The rapid advancement of China’s healthcare system has heightened expectations for medical professionals’ clinical competencies. However, traditional medical education remains largely didactic, prioritizing theoretical knowledge over practical skills [1]. This misalignment has created a significant competence gap: 72.3% of newly graduated physicians report inadequate preparedness for basic surgical procedures [2]. Comparative studies further indicate that Chinese medical graduates exhibit lower procedural proficiency than their counterparts in competency-based training systems, raising patient safety concerns [3] [4].

Compounding this issue, hospital recruitment practices emphasize academic credentials over clinical skills, disincentivizing hands-on training [5]. As a result, 68.1% of teaching hospitals report extended orientation periods (≥6 months) for new graduates to attain clinical proficiency [6]. Addressing this inefficiency necessitates innovative educational approaches to bridge the theoretical-practical divide.

The flipped classroom model offers a promising solution by reallocating instructional time for enhanced hands-on training, improving procedural retention by 32% [7] [8]. However, barriers remain in surgical education, particularly in procedural visualization and real-time feedback. Recent advancements in 5G technology enable immersive learning through multi-angle 4 K/8 K surgical live streaming, augmented reality overlays, and haptic feedback, significantly enhancing skill acquisition [9]. Studies indicate that 5G-enabled surgical training reduces procedural errors by 27% and accelerates competency development by 22% [10] [11]. Integrating 5G with flipped classroom methodologies presents a transformative opportunity to modernize surgical education, equipping future physicians with the skills required for high-quality patient care.

2. Materials and Methods

2.1. Study Design and Participants

A randomized controlled trial was conducted at the Fifth Affiliated Hospital of Sun Yat-sen University from January 2023 to June 2025. Participants were 106 clinical-year medical students (Male 54 and female 52, have no statistical difference) meeting the following criteria:

Completed core preclinical curriculum (anatomy, physiology, pathology);

No prior surgical rotation experience;

Voluntary participation with written informed consent.

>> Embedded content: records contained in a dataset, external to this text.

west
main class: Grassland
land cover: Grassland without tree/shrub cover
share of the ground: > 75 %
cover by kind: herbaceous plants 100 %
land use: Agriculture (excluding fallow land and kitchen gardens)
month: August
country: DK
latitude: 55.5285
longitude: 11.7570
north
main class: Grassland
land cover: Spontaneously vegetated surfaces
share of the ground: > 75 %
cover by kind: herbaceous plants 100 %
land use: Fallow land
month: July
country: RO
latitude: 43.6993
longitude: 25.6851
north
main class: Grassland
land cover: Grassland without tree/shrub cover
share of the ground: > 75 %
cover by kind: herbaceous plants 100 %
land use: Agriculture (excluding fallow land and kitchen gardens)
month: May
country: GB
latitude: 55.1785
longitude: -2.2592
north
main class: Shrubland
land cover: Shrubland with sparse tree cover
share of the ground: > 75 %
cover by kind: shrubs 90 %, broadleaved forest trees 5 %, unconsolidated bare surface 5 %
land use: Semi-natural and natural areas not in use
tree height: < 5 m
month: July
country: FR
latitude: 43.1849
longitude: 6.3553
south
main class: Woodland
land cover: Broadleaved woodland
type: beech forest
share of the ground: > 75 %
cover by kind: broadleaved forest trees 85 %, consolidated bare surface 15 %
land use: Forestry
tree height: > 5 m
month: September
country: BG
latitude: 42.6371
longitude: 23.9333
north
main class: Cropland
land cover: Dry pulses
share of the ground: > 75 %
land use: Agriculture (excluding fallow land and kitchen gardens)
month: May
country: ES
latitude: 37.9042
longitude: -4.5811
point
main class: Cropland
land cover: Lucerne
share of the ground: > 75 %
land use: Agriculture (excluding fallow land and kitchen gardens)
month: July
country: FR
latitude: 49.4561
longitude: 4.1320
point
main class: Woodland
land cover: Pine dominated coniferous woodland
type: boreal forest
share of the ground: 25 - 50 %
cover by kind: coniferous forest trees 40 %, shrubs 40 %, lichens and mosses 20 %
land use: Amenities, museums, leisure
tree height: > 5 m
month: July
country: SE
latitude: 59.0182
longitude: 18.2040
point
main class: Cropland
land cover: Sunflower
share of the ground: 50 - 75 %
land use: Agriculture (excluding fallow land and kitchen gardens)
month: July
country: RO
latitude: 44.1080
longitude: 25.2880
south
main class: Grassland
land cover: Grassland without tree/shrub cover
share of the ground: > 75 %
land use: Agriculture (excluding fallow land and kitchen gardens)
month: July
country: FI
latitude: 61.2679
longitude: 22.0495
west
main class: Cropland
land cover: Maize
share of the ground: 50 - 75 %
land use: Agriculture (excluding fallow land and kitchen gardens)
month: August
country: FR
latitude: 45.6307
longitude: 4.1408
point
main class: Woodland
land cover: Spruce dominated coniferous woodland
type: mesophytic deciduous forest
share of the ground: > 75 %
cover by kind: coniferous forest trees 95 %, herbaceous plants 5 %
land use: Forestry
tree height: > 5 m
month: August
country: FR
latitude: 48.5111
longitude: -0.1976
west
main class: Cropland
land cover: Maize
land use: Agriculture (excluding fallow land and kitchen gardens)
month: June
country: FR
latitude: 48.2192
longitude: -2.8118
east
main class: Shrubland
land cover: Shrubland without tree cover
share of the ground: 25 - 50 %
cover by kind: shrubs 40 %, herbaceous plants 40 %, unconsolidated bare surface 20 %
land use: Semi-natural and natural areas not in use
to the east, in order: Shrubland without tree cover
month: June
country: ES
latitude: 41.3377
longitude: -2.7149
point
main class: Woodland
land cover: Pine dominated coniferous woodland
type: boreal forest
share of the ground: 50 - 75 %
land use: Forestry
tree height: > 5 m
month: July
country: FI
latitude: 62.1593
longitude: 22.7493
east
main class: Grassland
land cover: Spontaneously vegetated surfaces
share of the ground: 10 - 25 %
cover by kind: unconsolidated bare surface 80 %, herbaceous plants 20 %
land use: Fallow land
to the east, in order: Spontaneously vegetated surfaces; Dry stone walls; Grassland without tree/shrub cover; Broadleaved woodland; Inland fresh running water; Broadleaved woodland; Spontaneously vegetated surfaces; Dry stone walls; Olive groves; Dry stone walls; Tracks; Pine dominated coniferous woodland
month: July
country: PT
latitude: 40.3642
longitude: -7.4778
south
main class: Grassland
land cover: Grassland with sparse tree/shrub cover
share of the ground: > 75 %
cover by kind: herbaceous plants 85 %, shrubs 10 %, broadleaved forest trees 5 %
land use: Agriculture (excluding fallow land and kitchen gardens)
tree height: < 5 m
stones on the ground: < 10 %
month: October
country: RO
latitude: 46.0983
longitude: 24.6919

Participants were stratified by gender and baseline OSCE scores, then randomly allocated via computer-generated sequence (block size = 4) to:

Control group (n = 54): Traditional lecture-based training (LBT);

Experimental group (n = 52): Integrated flipped classroom with 5G-enhanced surgical training (FC-5GST).

2.2. Educational Interventions

Control Group Protocol:

1) Didactic lectures: 90-minute weekly sessions covering:

Surgical principles

Procedural algorithms

Complication management

2) Simulation training:

Task trainers for basic skills (suturing, knot-tying)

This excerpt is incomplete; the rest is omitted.